- **Exercise goal**
In duplicating the lines below, keep every word unchanged and drop the pictures.

(Dataset entries)
........
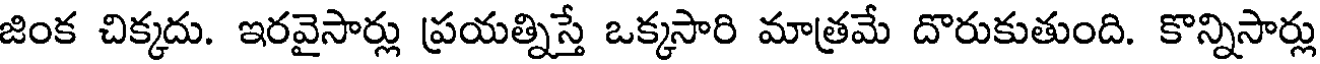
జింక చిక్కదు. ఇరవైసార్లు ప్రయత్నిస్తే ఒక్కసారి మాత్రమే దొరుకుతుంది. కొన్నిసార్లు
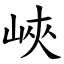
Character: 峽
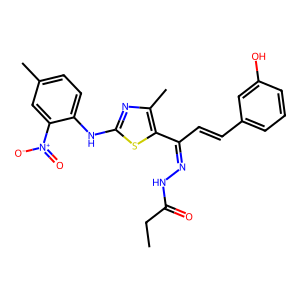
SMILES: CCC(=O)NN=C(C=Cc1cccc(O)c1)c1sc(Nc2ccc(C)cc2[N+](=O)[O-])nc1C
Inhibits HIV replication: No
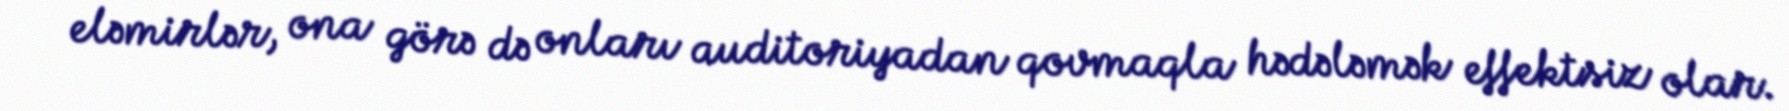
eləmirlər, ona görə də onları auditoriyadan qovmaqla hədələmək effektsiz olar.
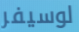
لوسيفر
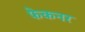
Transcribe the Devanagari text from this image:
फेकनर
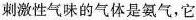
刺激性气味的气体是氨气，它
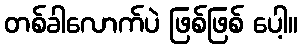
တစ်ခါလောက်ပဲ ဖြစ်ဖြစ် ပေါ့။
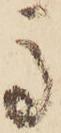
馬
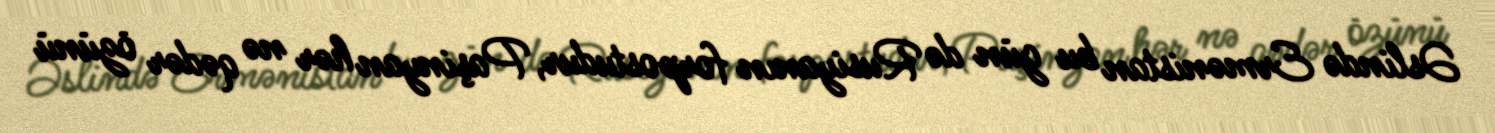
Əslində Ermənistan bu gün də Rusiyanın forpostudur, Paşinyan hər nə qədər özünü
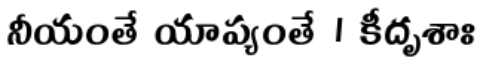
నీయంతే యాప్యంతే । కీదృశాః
........
- **Response**
జింక చిక్కదు. ఇరవైసార్లు ప్రయత్నిస్తే ఒక్కసారి మాత్రమే దొరుకుతుంది. కొన్నిసార్లు
Character: 峽
SMILES: CCC(=O)NN=C(C=Cc1cccc(O)c1)c1sc(Nc2ccc(C)cc2[N+](=O)[O-])nc1C
Inhibits HIV replication: No
eləmirlər, ona görə də onları auditoriyadan qovmaqla hədələmək effektsiz olar.
لوسيفر
Transcribe the Devanagari text from this image:
फेकनर
刺激性气味的气体是氨气，它
တစ်ခါလောက်ပဲ ဖြစ်ဖြစ် ပေါ့။
馬
Əslində Ermənistan bu gün də Rusiyanın forpostudur, Paşinyan hər nə qədər özünü
నీయంతే యాప్యంతే । కీదృశాః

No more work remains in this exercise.